JANESVILLE—When I was a girl scout, your leader gave you the cookie form and you went out and rang doorbells for blocks and blocks.

Then you went to camp and had the best time ever.

Now, they have “Cookie Carnival” that includes “Girl Scout Cookie College” where you learn about money management, setting goals, and a product line that now includes new gluten-free chocolate chip cookie.

We had no idea what gluten was. Our goal was usually was to sell a bunch of cookies.

Those were simpler times.

On Saturday, more than 175 girls and their scout leaders attended the Cookie Carnival at Craig High School.

Selling cookies has been a fundraiser—and a learning experience—for the Girl Scouts since 1922, said Eliza Zimmerman, program specialist for the Badgerland Council.

“Now we're trying to be more intentional in our approach to teaching those skills, both for our internal and external customers,” Zimmerman said.

That means that when you ask your local scout what she's raising money for, or which cookies are vegan—yes, vegan—she'll know the answer.

The five skills the girls are supposed to learn as part of the cookie-selling process are decision making, money management, ethics, customer service and goal setting, said Sara Danor, relationship manager for Badgerland Girl Scouts.

Danor ran a cookie college “class” like a quiz-show-style game.

“How many of the cookies have chocolate in them,” she'd ask, and the girls would all frantically try to buzz in first.

Another class asked girls to take dry beans from a cup and put them on a card containing goals such as “buy arts and crafts supplies” or “go to camp.”

The exercise was designed to encourage thoughtful goal setting.

Nevaeh Richter, 5, of Watertown, didn't need to think about it. She put all her beans in the “go to camp” square.

How many boxes of cookies did she plan to sell to get there?

“Fifteen hundred,” she said.


“I like to go swimming,” Richter said simply.

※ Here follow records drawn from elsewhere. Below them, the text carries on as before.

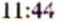
11:44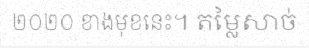
២០២០ ខាងមុខនេះ។ តម្លៃសាច់
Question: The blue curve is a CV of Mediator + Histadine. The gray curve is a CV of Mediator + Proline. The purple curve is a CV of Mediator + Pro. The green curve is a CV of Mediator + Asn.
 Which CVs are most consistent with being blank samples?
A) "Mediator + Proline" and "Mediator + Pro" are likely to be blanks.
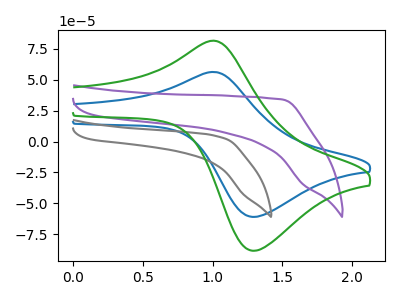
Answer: <think>The blue curve "Mediator + Histadine" has an anodic peak at (1.00V, 56.30uA) and a cathodic peak at (1.30V, -61.05uA). The gray curve "Mediator + Proline" has no peaks. The purple curve "Mediator + Pro" has no peaks. The green curve "Mediator + Asn" has an anodic peak at (1.00V, 81.55uA) and a cathodic peak at (1.30V, -88.45uA).</think>
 <answer>A) "Mediator + Proline" and "Mediator + Pro" are likely to be blanks.</answer>
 <eval>A</eval>

Other stations encouraged girls to draw pictures of what they'd like to do, connect the business of selling cookies to the Girl Scout Promise and practice explaining to customers what they were going to do with the money they raised.

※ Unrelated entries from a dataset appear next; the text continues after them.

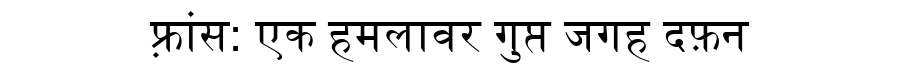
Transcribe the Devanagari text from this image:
फ़्रांस: एक हमलावर गुप्त जगह दफ़न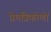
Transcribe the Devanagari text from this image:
प्रेमत्रिकोणों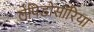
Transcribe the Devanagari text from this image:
लेपिडोसॉरिया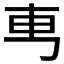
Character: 𠃫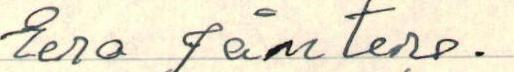
Eero Jäntere.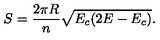
S = \frac { 2 \pi R } { n } \sqrt { E _ { c } ( 2 E - E _ { c } ) } .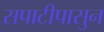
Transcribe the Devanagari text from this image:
सपाटीपासुन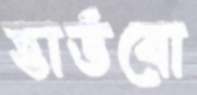
হার্ডবো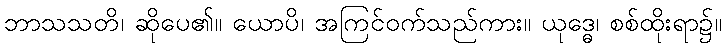
ဘာသသတိ၊ ဆိုပေ၏။ ယောပိ၊ အကြင်ဝက်သည်ကား။ ယုဒ္ဓေ၊ စစ်ထိုးရာ၌။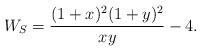
LaTeX: \begin{align*} W_S = \frac{(1+x)^2(1+y)^2}{xy}-4.\end{align*}
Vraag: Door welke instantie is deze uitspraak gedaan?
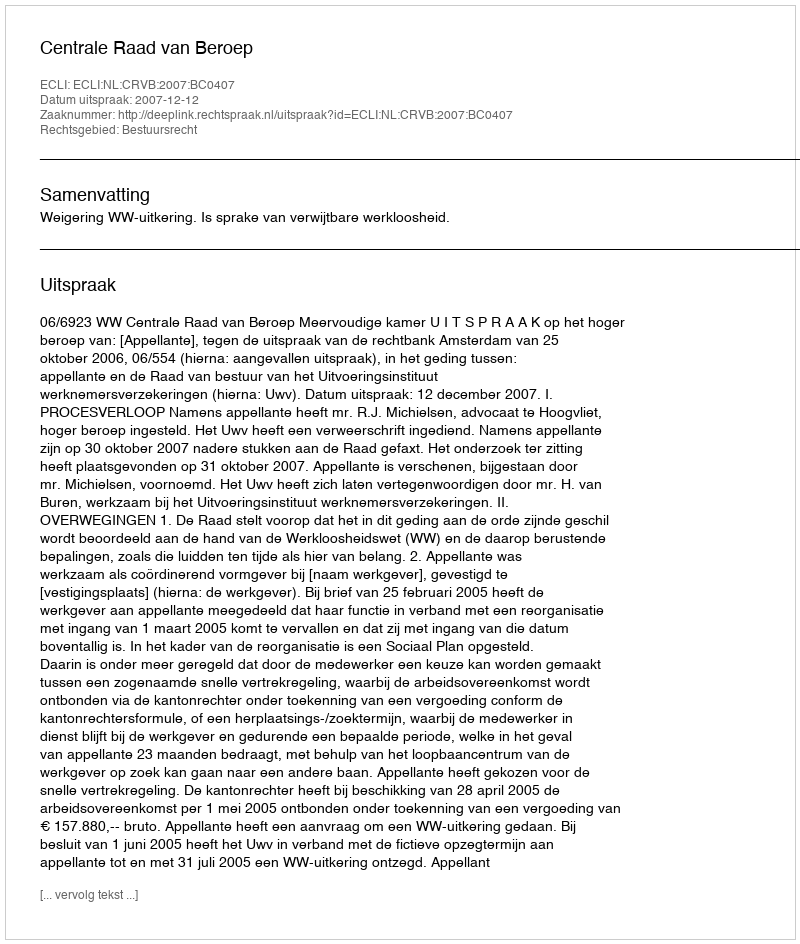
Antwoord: Centrale Raad van Beroep

A troop of girls from Edgerton had been to camp and had, of course, the best time ever. Their recollections about camp were interspersed with what they planned to do at camp in the future such as horseback riding, canoeing, and apparently, eating Thin Mints.

Carmen Crandall, 11, remembers going on a hike at Camp Stetler in Richland Center, where she learned about camouflage and raccoons followed her troop leader.

They also used Oreo cookies—Girl Scout Cookies must have been out of season—to learn about the phases of the moon.

They were allowed to eat the cream filling to get the proper phases of moon.

When asked the difference between the new moon and full moon, the hands shot up in the air and vibrated with excited knowledge.

A full moon is when the moon is, well, full. A new moon is when the moon is invisible or nearly so.

Full moon, full cookie. New moon, no cookie.

After Saturday's Cookie College, the moon won't be a factor. It's going to be all cookies, all the time.